---- Dataset excerpts

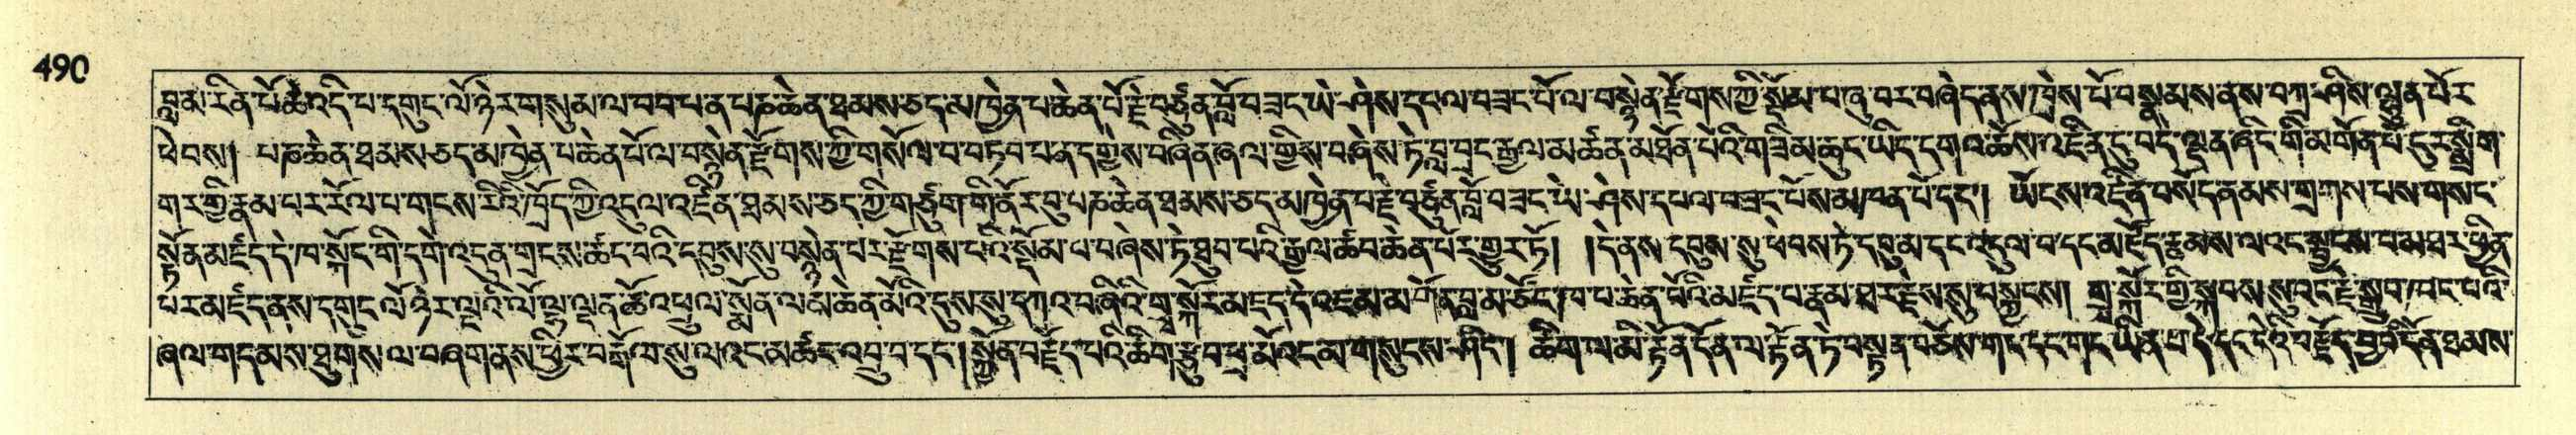བླ་མ་རིན་པོ་ཆེ་འདི་པ་དགུང་ལོ་ཉེར་གསུམ་ལ་བབ་པ་ན་པཎ་ཆེན་ཐམས་ཅད་མཁྱེན་པ་ཆེན་པོ་རྗེ་བཙུན་བློ་བཟང་ཡེ་ཤེས་དཔལ་བཟང་པོ་ལ་བསྙེན་རྫོགས་ཀྱི་སྡོམ་པ་ཞུ་བར་བཞེད་ནས་ཁྲེས་པོ་བསྣམས་ནས་བཀྲ་ཤིས་ལྷུན་པོར་
ཕེབས། པཎ་ཆེན་ཐམས་ཅད་མཁྱེན་པ་ཆེན་པོ་ལ་བསྙེན་རྫོགས་ཀྱི་གསོལ་བ་བཏབ་པ་ན་དགྱེས་བཞིན་ཞལ་གྱིས་བཞེས་ཏེ་བླ་བྲང་རྒྱལ་མཚན་མཐོན་པོའི་གཟིམ་ཆུང་ཡིད་དགའ་ཆོས་འཛིན་དུ་བདེ་ལྡན་ཞིང་གི་མགོན་པ་དུར་སྨྲིག་
གར་གྱི་རྣམ་པར་རོལ་པ་གངས་རིའི་ཁྲོད་ཀྱི་འདུལ་འཛིན་ཐམས་ཅད་ཀྱི་གཙུག་གི་ནོར་བུ་པཎ་ཆེན་ཐམས་ཅད་མཁྱེན་པ་རྗེ་བཙུན་བློ་བཟང་ཡེ་ཤེས་དཔལ་བཟང་པོས་མཁན་པོ་དང་། ཡོངས་འཛིན་བསོད་ནམས་གྲགས་པས་གསང་
སྟོན་མཛད་དེ་ཁ་སྐོང་གི་དགེ་འདུན་གྲངས་ཚང་བའི་དབུས་སུ་བསྙེན་པར་རྫོགས་པའི་སྡོམ་པ་བཞེས་ཏེ་ཐུབ་པའི་རྒྱལ་ཚབ་ཆེན་པོར་གྱུར་ཏོ། །དེ་ནས་དབུས་སུ་ཕེབས་ཏེ་དབུ་མ་དང་འདུལ་བ་དང་མཛོད་རྣམས་ལའང་སྦྱངས་བ་མཐར་ཕྱིན་
པར་མཛད་ནས་དགུང་ལོ་ཉེར་ལྔའི་ལོ་ལྷ་ལྡན་ཆོ་འཕྲུལ་སྨོན་ལམ་ཆེན་མོའི་དུས་སུ་དཀའ་བཞིའི་གྲྭ་སྐོར་མཛད་དེ་འཇམ་མགོན་བླ་མ་ཙོང་ཁང་པ་ཆེན་པོའི་མཛད་པ་རྣམ་ཐར་རྗེས་སུ་བསྐྱངས། གྲྭ་སྐོར་གྱི་སྐབས་སུའང་རྗེ་སྒྲུབ་ཁང་པའི་
ཞལ་གདམས་ཐུགས་ལ་བཞག་ནས་ཕྱིར་བརྒོལ་སུ་ལའང་མཚང་འབྲུ་བ་དང་། སྐྱོན་བརྗོད་པའི་ཚིག་རྩུབ་ཕྲ་མོའང་མ་གསུངས་ཤིང་། ཚིག་ལ་མི་རྟོན་དོན་ལ་རྟོན་ཏེ་བསྟན་བཅོས་གང་དང་གང་ཡིན་པ་དེ་དང་དེའི་བརྗོད་བྱ་བའི་དོན་ཐམས་

--------

Copy out exactly the lines between the line with "སྟོན་མཛད་དེ་ཁ་" and the last line of the entries, counting both of those lines.

སྟོན་མཛད་དེ་ཁ་སྐོང་གི་དགེ་འདུན་གྲངས་ཚང་བའི་དབུས་སུ་བསྙེན་པར་རྫོགས་པའི་སྡོམ་པ་བཞེས་ཏེ་ཐུབ་པའི་རྒྱལ་ཚབ་ཆེན་པོར་གྱུར་ཏོ། །དེ་ནས་དབུས་སུ་ཕེབས་ཏེ་དབུ་མ་དང་འདུལ་བ་དང་མཛོད་རྣམས་ལའང་སྦྱངས་བ་མཐར་ཕྱིན་
པར་མཛད་ནས་དགུང་ལོ་ཉེར་ལྔའི་ལོ་ལྷ་ལྡན་ཆོ་འཕྲུལ་སྨོན་ལམ་ཆེན་མོའི་དུས་སུ་དཀའ་བཞིའི་གྲྭ་སྐོར་མཛད་དེ་འཇམ་མགོན་བླ་མ་ཙོང་ཁང་པ་ཆེན་པོའི་མཛད་པ་རྣམ་ཐར་རྗེས་སུ་བསྐྱངས། གྲྭ་སྐོར་གྱི་སྐབས་སུའང་རྗེ་སྒྲུབ་ཁང་པའི་
ཞལ་གདམས་ཐུགས་ལ་བཞག་ནས་ཕྱིར་བརྒོལ་སུ་ལའང་མཚང་འབྲུ་བ་དང་། སྐྱོན་བརྗོད་པའི་ཚིག་རྩུབ་ཕྲ་མོའང་མ་གསུངས་ཤིང་། ཚིག་ལ་མི་རྟོན་དོན་ལ་རྟོན་ཏེ་བསྟན་བཅོས་གང་དང་གང་ཡིན་པ་དེ་དང་དེའི་བརྗོད་བྱ་བའི་དོན་ཐམས་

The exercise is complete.